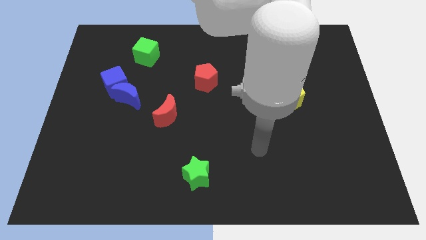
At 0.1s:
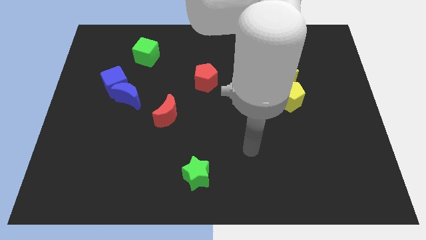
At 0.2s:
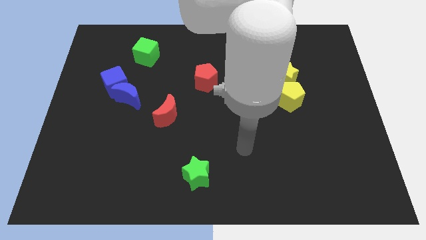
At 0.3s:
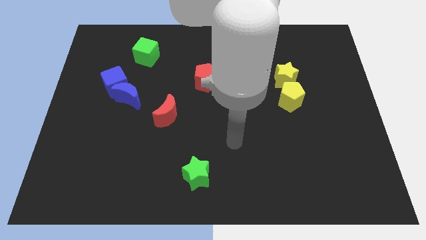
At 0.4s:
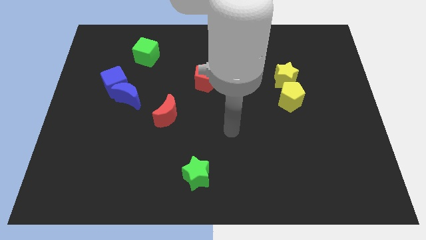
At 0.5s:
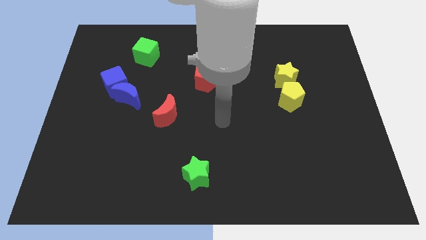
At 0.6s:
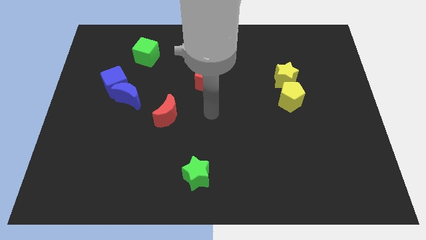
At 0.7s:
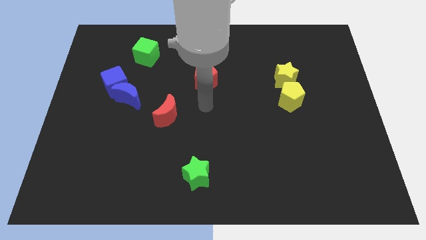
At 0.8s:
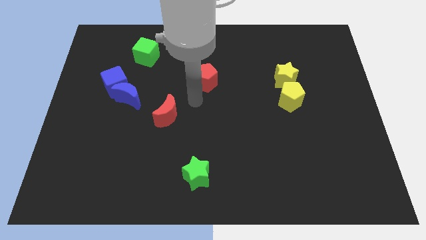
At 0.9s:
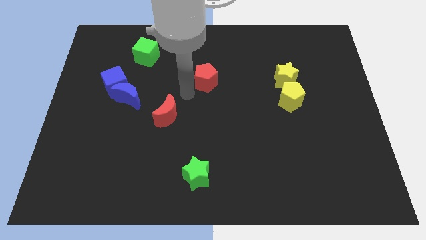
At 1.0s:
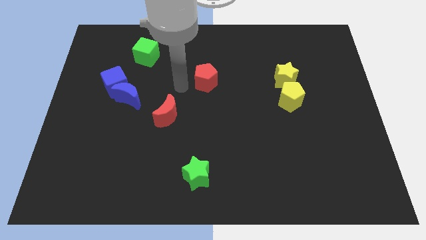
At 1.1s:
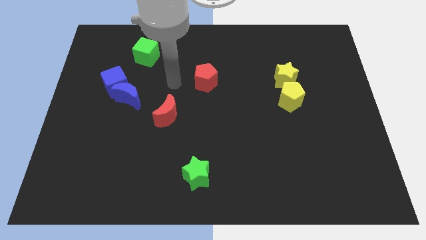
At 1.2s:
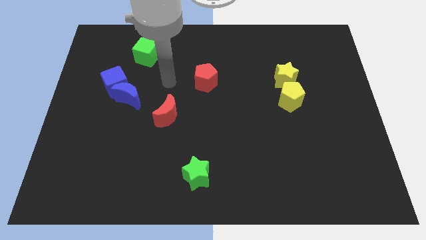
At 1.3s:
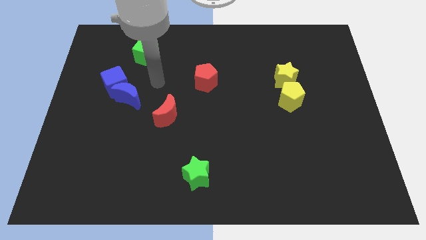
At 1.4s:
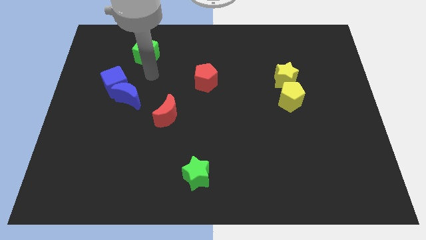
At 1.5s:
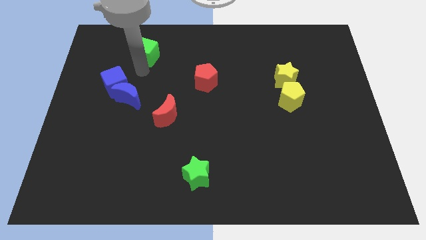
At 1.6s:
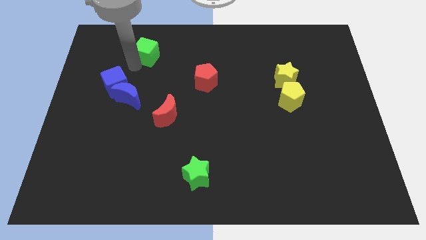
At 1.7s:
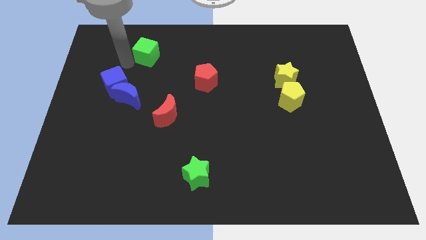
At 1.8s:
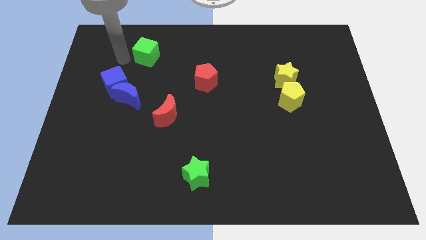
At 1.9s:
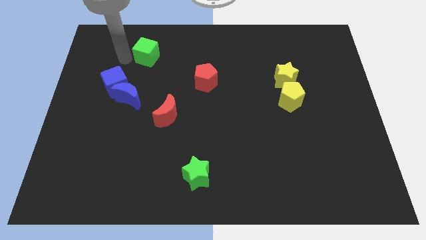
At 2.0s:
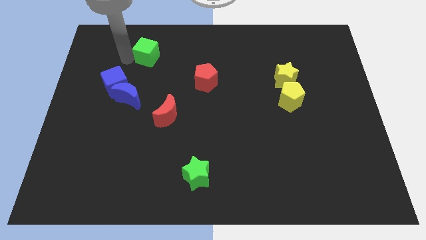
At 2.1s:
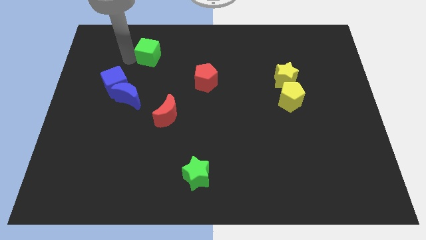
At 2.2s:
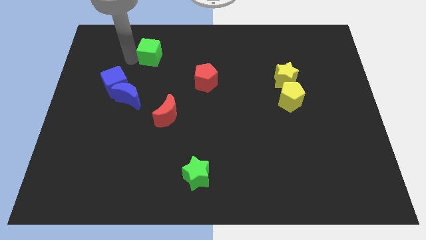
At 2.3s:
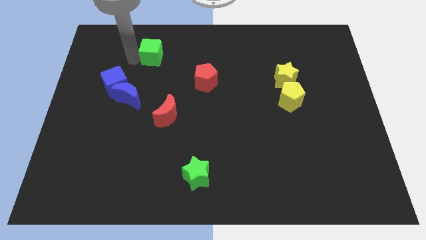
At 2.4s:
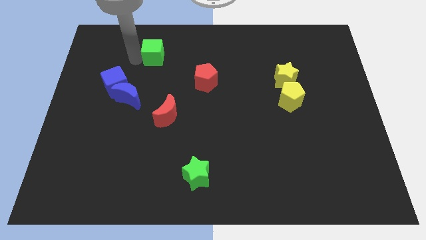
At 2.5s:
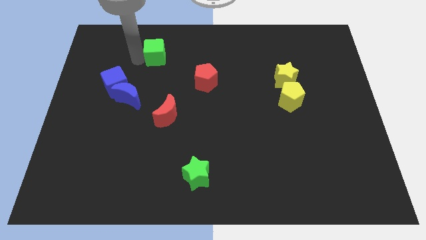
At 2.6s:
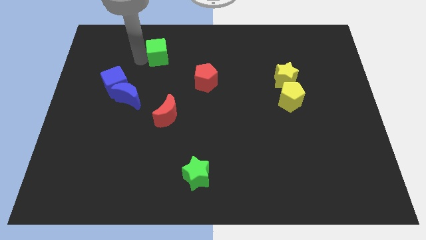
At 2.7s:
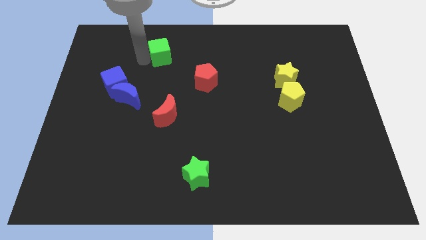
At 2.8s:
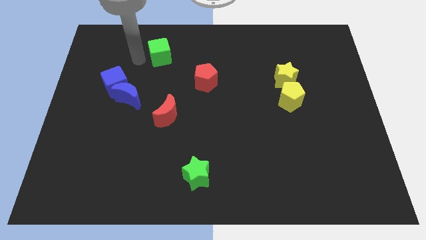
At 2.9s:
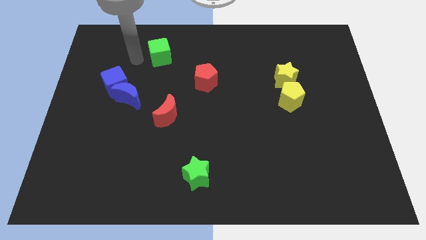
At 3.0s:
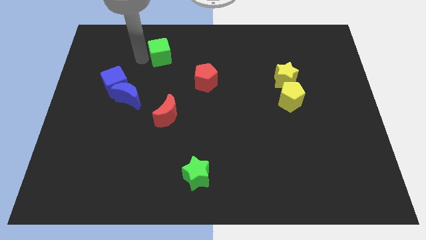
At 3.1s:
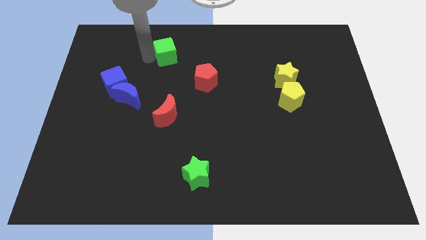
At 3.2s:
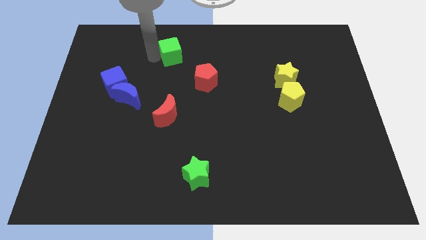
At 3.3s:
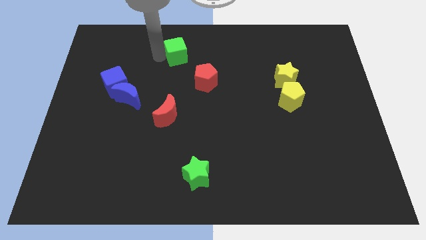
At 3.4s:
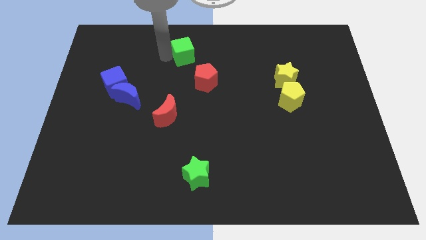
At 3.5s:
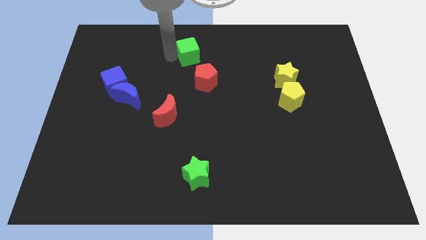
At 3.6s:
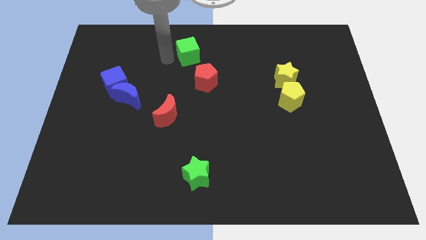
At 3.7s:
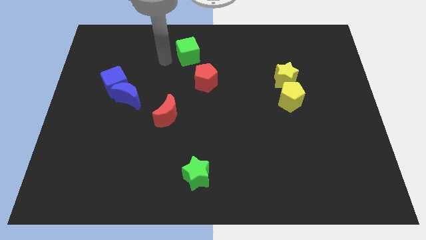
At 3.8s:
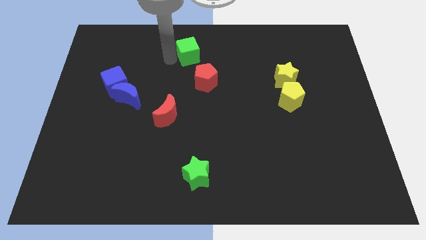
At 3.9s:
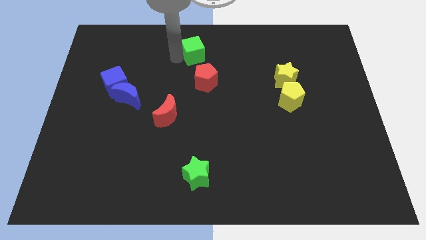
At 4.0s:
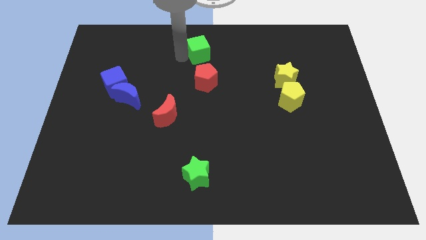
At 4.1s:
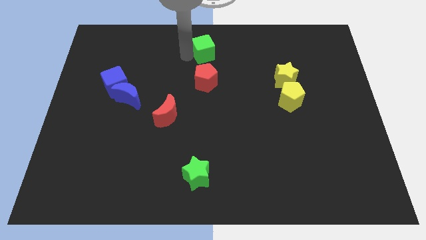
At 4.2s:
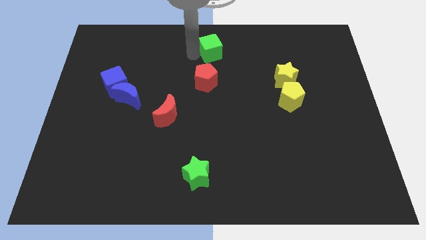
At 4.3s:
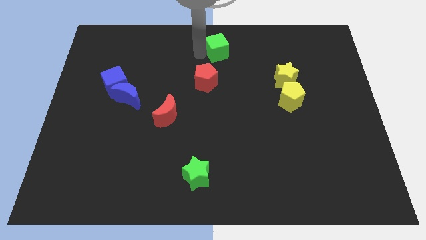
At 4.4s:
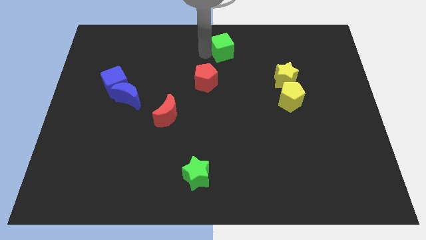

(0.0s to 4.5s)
slide the green cube to the right

::::

PROBLEM DESCRIPTION: Give back the data exactly, with no images.

FINAL ANSWER:
At 0.1s:
At 0.2s:
At 0.3s:
At 0.4s:
At 0.5s:
At 0.6s:
At 0.7s:
At 0.8s:
At 0.9s:
At 1.0s:
At 1.1s:
At 1.2s:
At 1.3s:
At 1.4s:
At 1.5s:
At 1.6s:
At 1.7s:
At 1.8s:
At 1.9s:
At 2.0s:
At 2.1s:
At 2.2s:
At 2.3s:
At 2.4s:
At 2.5s:
At 2.6s:
At 2.7s:
At 2.8s:
At 2.9s:
At 3.0s:
At 3.1s:
At 3.2s:
At 3.3s:
At 3.4s:
At 3.5s:
At 3.6s:
At 3.7s:
At 3.8s:
At 3.9s:
At 4.0s:
At 4.1s:
At 4.2s:
At 4.3s:
At 4.4s:

(0.0s to 4.5s)
slide the green cube to the right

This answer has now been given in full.